Collaborative Consumption
We are at the start of the “Big Shift” away from the 20th century defined by hyper-consumption towards the 21st century, an age of Collaborative Consumption.
Rachel Botsman notes that we are moving from being "passive consumers" to "highly-enabled collaborators". The peer-to-peer (P2P) revolution is founded on our primate instincts - we were born and bread to share and cooperate with each other; we have done so for thousnads of years whether we hunted in packs or farmed in co-ops until hyper consumption took over in the 20th C. She foresees the 21st C moving from a "culture of me" to a "culture of we", highlighting the four key drivers behind this revolution:
- A renewed belief in the importance of community
- A torrent of P2P social networks & real time technologies
- Pressing environmental concerns
- The global recession which has shocked consumer behaviours
These four factors are fusing a shift towards collaborative consumption, forming three creative forms of consumption:
- Redistribution market - (e.g. swap tree) where we see items being reduced, rused, recycled, repaired and redistributed
- Collaborative lifestyles - (e.g. couchsurfing, co-working, landsharing) where resources and skills are being shared
- Product-service systems (PSS) - (e.g. car sharing, tool sharing) where we as users pay for the benefit (or utility) of product without owning a product outright (a.k.a. alternative ownership). This is most relevant for high idling capacity items such as (power drills, lawn mowers, cars, etc)

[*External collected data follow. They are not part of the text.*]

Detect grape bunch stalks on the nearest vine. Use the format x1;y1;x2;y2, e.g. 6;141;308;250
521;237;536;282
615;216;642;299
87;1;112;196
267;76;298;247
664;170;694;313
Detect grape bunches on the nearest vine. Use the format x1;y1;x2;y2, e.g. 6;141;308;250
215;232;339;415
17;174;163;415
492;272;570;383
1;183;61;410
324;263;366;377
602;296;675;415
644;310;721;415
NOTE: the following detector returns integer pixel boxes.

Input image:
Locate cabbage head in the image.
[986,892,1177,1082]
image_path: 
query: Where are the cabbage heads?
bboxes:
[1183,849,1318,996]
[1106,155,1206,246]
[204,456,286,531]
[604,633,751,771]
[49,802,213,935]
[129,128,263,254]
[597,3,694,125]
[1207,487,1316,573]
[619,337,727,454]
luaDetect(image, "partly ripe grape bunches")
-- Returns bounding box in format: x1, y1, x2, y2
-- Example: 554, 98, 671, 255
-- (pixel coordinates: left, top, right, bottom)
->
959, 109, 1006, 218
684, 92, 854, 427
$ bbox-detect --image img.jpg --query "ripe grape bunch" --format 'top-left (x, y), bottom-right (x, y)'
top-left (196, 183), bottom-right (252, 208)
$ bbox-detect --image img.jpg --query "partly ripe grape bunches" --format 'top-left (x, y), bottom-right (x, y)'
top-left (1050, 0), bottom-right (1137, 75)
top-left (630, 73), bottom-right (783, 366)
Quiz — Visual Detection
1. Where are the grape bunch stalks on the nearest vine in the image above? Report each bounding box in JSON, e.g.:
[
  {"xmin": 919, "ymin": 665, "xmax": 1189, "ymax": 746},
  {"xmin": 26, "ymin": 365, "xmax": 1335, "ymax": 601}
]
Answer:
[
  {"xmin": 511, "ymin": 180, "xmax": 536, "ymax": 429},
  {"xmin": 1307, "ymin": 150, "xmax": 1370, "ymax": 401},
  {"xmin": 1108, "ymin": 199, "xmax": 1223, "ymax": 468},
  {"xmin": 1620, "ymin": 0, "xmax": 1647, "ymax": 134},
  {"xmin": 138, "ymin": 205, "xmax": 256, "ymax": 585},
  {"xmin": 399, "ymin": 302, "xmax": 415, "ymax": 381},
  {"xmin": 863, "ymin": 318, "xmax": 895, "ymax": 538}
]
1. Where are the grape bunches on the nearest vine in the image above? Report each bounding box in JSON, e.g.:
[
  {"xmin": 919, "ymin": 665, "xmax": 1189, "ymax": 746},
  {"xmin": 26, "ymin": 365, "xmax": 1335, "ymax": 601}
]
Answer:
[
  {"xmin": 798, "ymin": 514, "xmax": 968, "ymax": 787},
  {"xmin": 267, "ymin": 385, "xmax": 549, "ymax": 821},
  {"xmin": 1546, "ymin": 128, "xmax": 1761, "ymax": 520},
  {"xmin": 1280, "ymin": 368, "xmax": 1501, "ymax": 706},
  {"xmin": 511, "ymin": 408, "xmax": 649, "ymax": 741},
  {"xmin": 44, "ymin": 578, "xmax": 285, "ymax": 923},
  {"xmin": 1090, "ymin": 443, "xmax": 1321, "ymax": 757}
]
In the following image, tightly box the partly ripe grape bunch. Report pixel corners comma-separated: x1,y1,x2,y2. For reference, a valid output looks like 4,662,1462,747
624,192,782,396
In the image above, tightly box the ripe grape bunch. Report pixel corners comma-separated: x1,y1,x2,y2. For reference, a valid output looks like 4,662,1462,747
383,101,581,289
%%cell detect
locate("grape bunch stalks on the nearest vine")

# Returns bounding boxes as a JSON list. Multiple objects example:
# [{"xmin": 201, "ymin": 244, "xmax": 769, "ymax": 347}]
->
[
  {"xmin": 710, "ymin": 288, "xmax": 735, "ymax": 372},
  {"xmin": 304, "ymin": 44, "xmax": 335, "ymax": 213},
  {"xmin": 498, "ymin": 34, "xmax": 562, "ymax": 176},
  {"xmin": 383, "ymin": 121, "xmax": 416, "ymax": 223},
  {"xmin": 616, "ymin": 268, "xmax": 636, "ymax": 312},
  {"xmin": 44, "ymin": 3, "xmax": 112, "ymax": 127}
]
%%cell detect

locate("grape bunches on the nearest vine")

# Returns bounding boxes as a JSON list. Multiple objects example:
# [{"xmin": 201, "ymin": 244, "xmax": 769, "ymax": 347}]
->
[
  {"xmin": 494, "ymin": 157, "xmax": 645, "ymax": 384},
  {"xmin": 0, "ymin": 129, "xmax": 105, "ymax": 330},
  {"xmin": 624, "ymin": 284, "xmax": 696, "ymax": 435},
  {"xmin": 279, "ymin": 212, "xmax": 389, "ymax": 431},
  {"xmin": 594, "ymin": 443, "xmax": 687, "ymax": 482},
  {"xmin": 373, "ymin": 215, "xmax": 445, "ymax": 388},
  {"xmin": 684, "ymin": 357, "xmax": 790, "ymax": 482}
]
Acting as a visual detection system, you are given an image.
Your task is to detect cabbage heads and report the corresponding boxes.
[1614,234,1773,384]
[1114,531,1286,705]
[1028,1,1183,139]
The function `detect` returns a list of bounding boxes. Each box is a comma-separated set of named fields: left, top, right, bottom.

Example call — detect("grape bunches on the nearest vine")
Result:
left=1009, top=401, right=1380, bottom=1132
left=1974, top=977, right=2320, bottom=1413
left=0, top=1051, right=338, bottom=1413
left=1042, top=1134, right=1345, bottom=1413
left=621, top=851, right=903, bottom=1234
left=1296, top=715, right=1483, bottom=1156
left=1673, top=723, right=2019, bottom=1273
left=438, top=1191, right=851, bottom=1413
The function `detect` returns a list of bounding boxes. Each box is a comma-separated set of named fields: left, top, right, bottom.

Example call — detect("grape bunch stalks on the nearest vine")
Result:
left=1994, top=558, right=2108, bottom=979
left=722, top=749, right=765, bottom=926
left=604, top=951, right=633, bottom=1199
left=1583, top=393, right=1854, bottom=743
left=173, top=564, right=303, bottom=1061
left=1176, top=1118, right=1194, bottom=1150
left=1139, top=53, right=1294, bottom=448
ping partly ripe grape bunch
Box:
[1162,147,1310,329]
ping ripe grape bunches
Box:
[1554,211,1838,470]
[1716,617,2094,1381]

Take home message: access is better then ownership, uses trumps possessions!
She closes by saying that "we are entering a period where we're waking up from a humungous hangover of emptiness and waste and taking a leap to create a more sustainable system that is built to serve our innate needs for community and individual identity. This will possibly be referred to as a revolution - from individually centered consumption to a rediscovery of collective good".